2014: Received an award at Ryori Masters, a completion held by Ministry of Agriculture, Forest, and Fisheries.
Released his own cookbook in France, "Noriyuki Hamada, Restaurant Yukawatan, Karuizawa Japon".
2016: Created "NIPPON CUISINE", a new style food, as Executive Chef at HOSHINOYA Tokyo


【 Restaurant Information 】
Restaurant:「 HOSHINOYA Tokyo Dining 」
Address:1-9-1 Otemachi, Chiyoda-ku, Tokyo 100-0004
Phone: +81-50-3786-1144
Website:https://hoshinoya.com/tokyo/
Opening Hours:
[dinner] 17:30-20:30(l.o.)
 
 
 
 
 In 2011, Mr. Noriyuki Hamada was the executive chef at Bleston Court Yukawatan of Hoshino Resort. He was looking for a steak knife that will not break the delicate shapes of served food and bring out the flavor for the world's highest level cooking completion in France, Bocuse d'Or 2013. At the same time, Ryusen Hamono was pushing "Made in Japan" quality products to the world. Our knives are the result of marging "Echizen Uchi-Hamono" (Echizen forged blades), traditional techniques from our region , and our own creative ideas. We have launched our knives to European market at that time. This was when Mr. Hamada approached us with his idea of steak knife.

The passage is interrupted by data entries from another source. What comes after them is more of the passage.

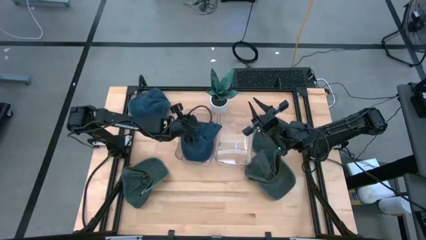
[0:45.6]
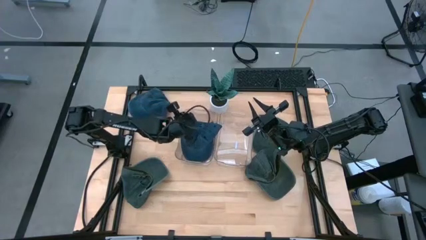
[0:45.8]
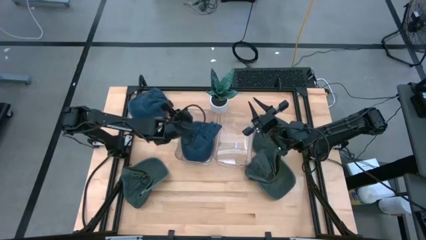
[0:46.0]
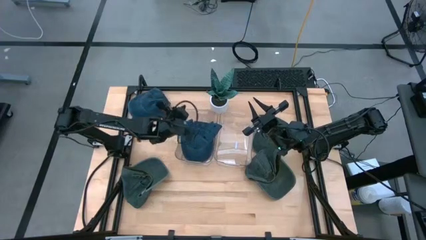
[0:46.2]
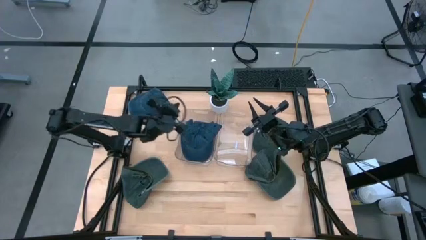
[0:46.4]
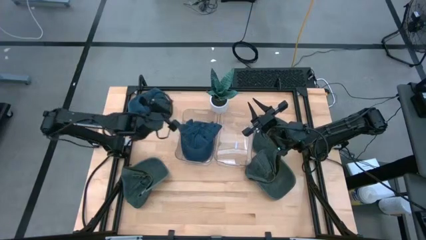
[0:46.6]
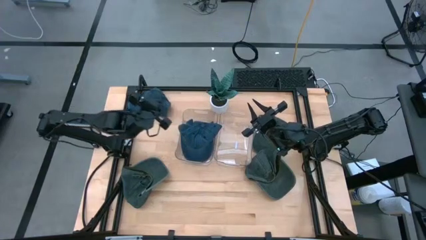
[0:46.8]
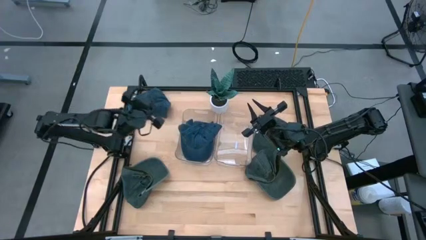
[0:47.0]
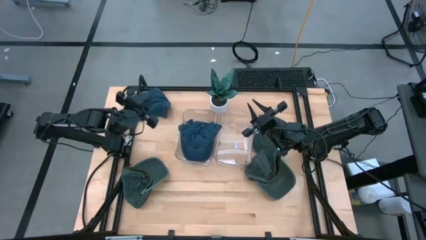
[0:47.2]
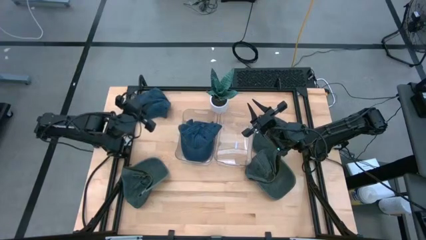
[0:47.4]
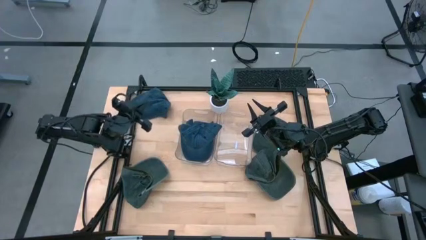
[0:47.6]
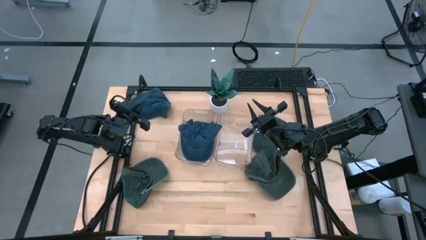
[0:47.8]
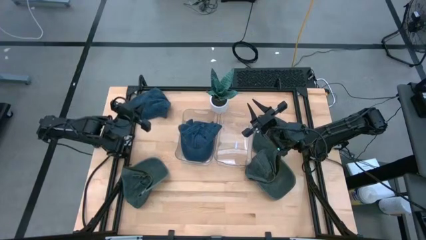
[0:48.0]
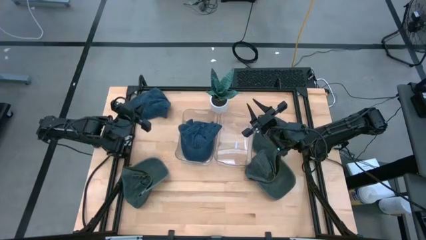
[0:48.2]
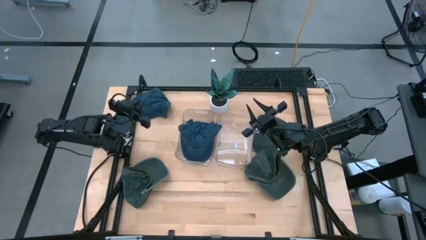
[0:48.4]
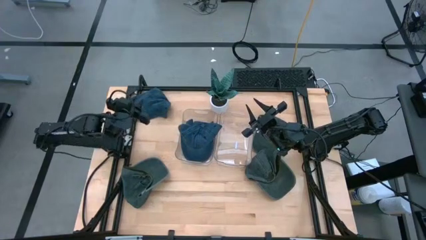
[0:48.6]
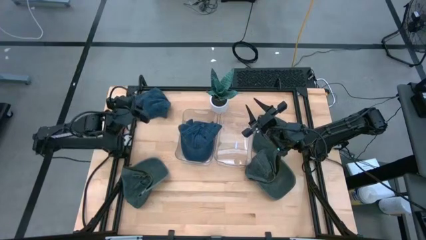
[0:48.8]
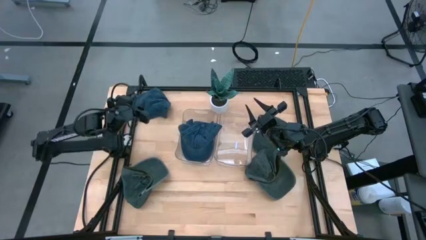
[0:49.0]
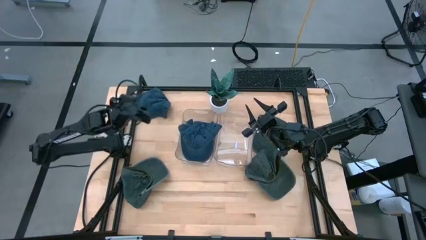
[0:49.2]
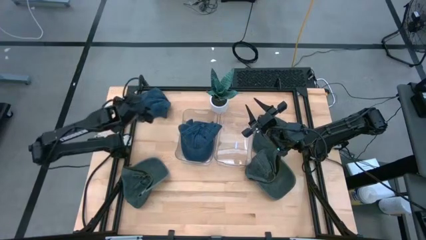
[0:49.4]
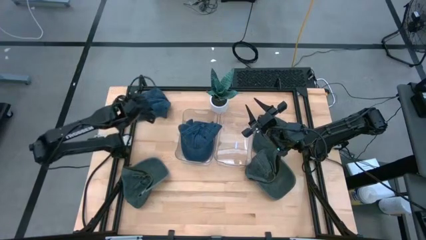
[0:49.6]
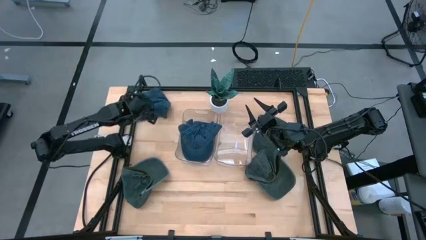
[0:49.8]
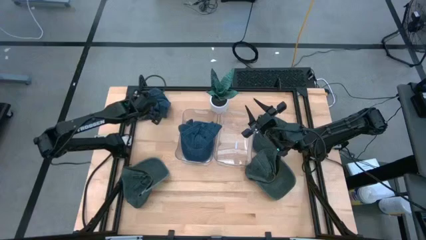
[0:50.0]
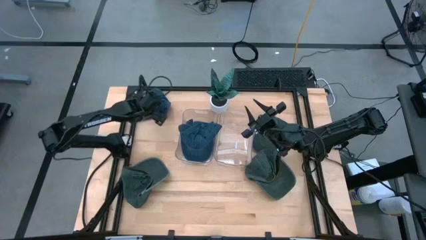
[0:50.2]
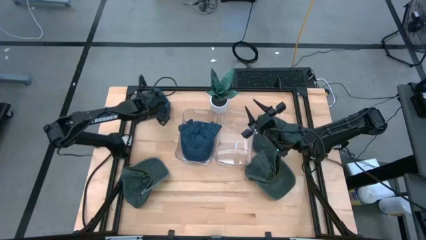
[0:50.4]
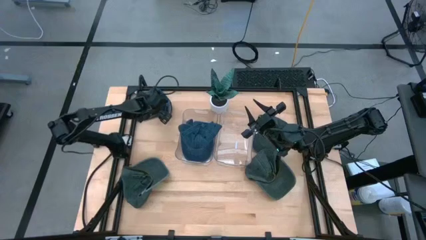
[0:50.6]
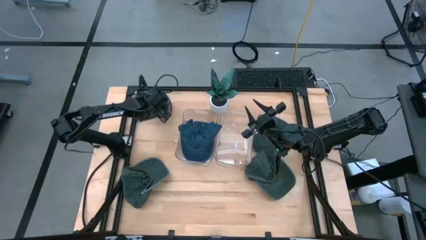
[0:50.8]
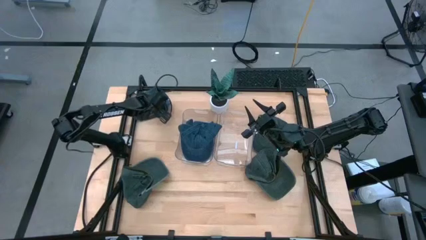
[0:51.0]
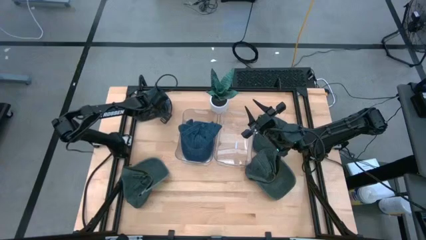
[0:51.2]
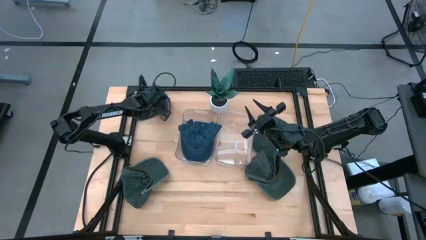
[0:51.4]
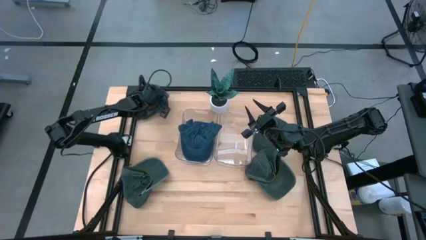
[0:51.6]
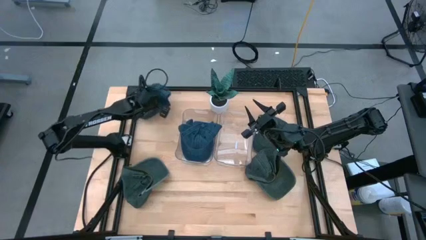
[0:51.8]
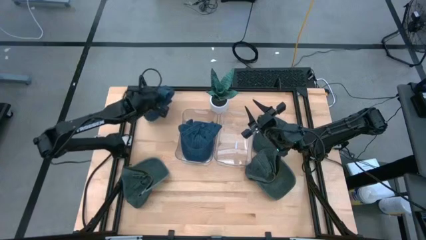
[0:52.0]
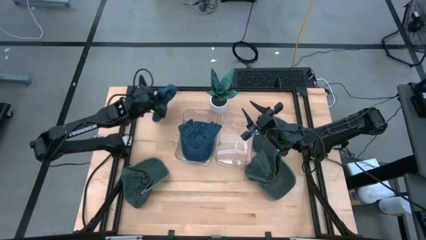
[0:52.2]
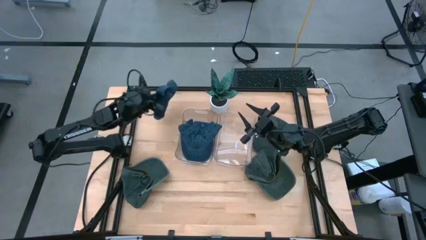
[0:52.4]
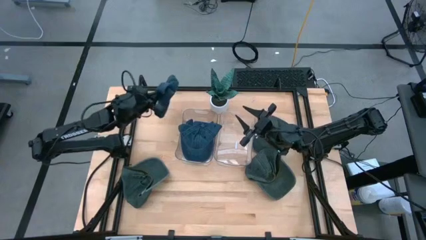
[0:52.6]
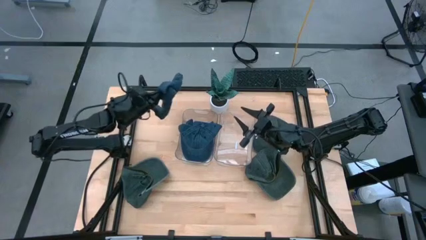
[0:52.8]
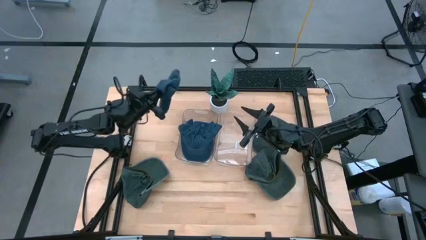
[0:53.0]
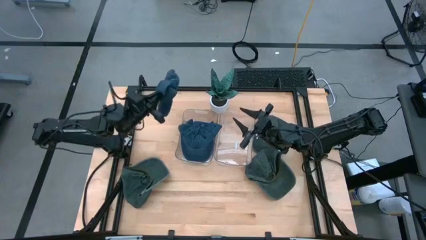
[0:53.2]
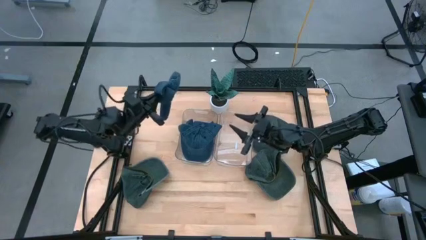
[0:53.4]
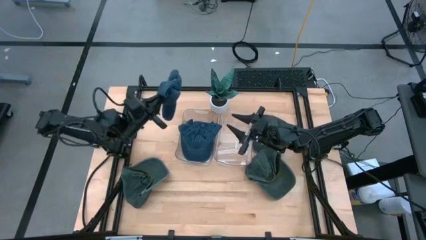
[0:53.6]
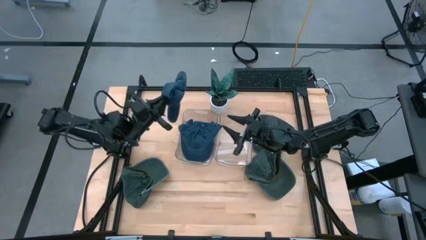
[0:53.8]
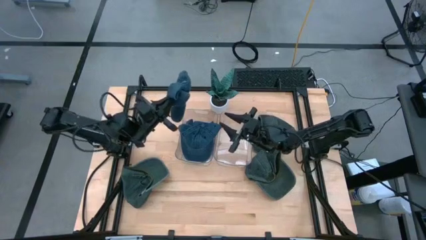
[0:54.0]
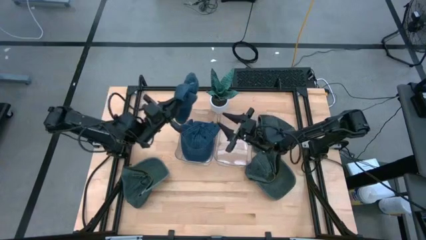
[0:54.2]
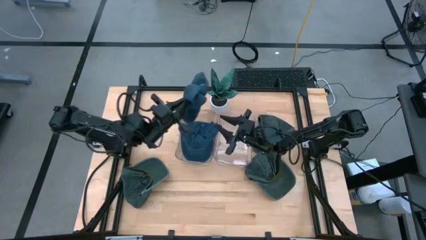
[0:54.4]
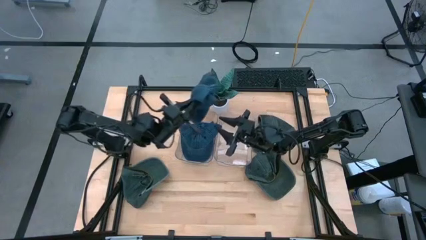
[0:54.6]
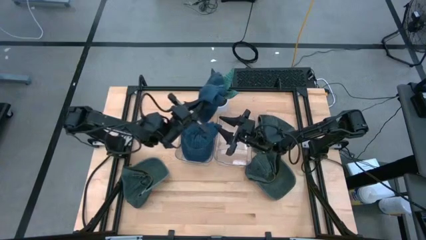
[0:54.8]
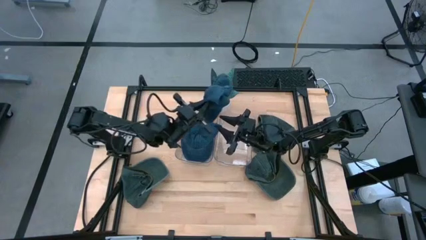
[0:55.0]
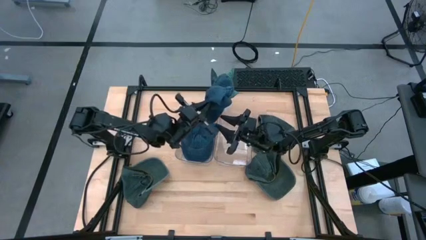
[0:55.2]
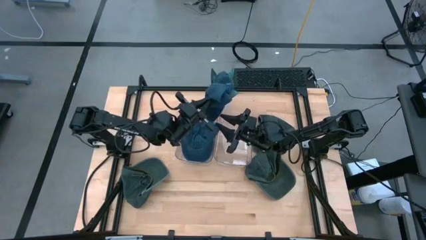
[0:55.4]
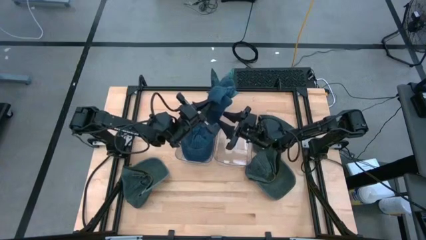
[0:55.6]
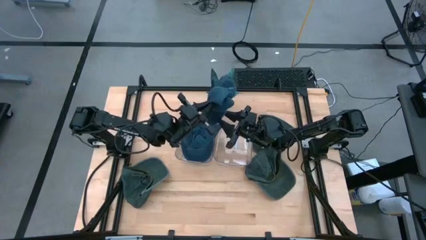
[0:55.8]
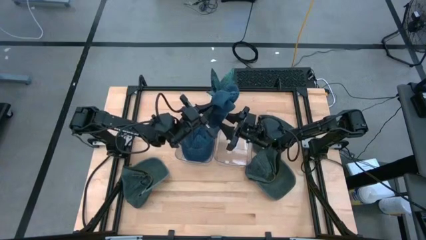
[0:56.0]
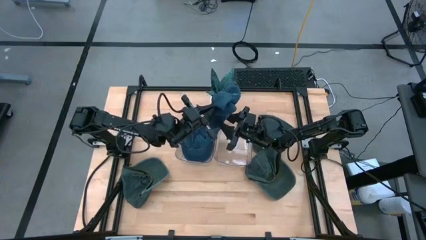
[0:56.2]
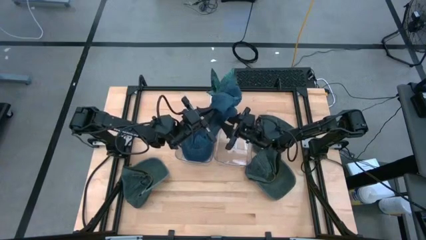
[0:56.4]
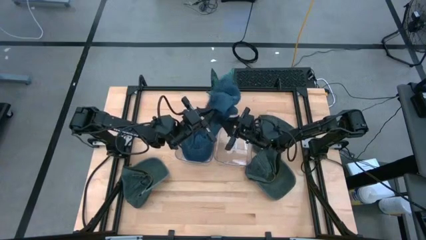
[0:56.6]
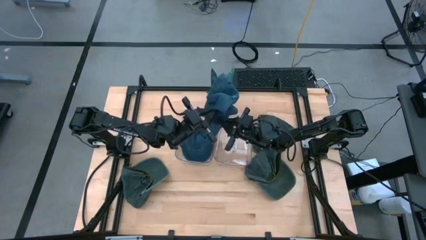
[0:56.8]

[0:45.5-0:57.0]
Task: Pick & Place hat
Put the blue cap into the left transparent bin

 Under the supervision of Mr. Hamada, we finally completed the steak knife "Asymmetry SK01". At the Bocuse d'Or 2013, the Japanese team, led by Mr. Hamada, won the remarkable bronze medal, the very first medal ever from Japanese contestants. The Japanese team and their food was remarkable but also the steak knife that was introduced and use at the table caught the attention. We were told that the sharpness of our knife impressed the judges so much that half of the judges from 24 countries brought the knife with them. This proves that people are showing interests in Japanese traditional craft works, the performance of our knife, and the design. We were grateful for this opportunity because it was a very valuable step forward to show our products to the world. The steak knife "Asymmetry SK01", created from the fateful meeting with Mr. Hamada, is still one of our best seller products. People are waiting in a queue for their orders.

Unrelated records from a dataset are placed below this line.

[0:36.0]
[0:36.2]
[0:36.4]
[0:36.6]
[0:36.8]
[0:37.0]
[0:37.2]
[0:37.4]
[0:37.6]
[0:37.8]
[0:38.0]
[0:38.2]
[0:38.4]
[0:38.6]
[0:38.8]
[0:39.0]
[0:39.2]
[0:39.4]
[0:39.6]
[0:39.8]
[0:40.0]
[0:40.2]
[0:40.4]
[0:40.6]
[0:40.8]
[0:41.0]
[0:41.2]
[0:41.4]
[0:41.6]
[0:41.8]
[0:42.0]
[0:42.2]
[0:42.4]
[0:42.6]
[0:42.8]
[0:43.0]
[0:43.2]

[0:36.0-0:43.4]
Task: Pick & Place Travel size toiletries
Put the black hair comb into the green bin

 Mr. Hamada was using our knives and cutleries from back then and today as the executive chef at HOSHINOYA Tokyo, he still continues to use our products regularly.
(The photo on the left is the exclusive cutlery of HOSHINOYA Tokyo. It is designed form a set of Ryusen Hamono's steak knife and fork with the Honsusudake (very rare naturally turned colored bamboo) handle by Hinoki Kogei.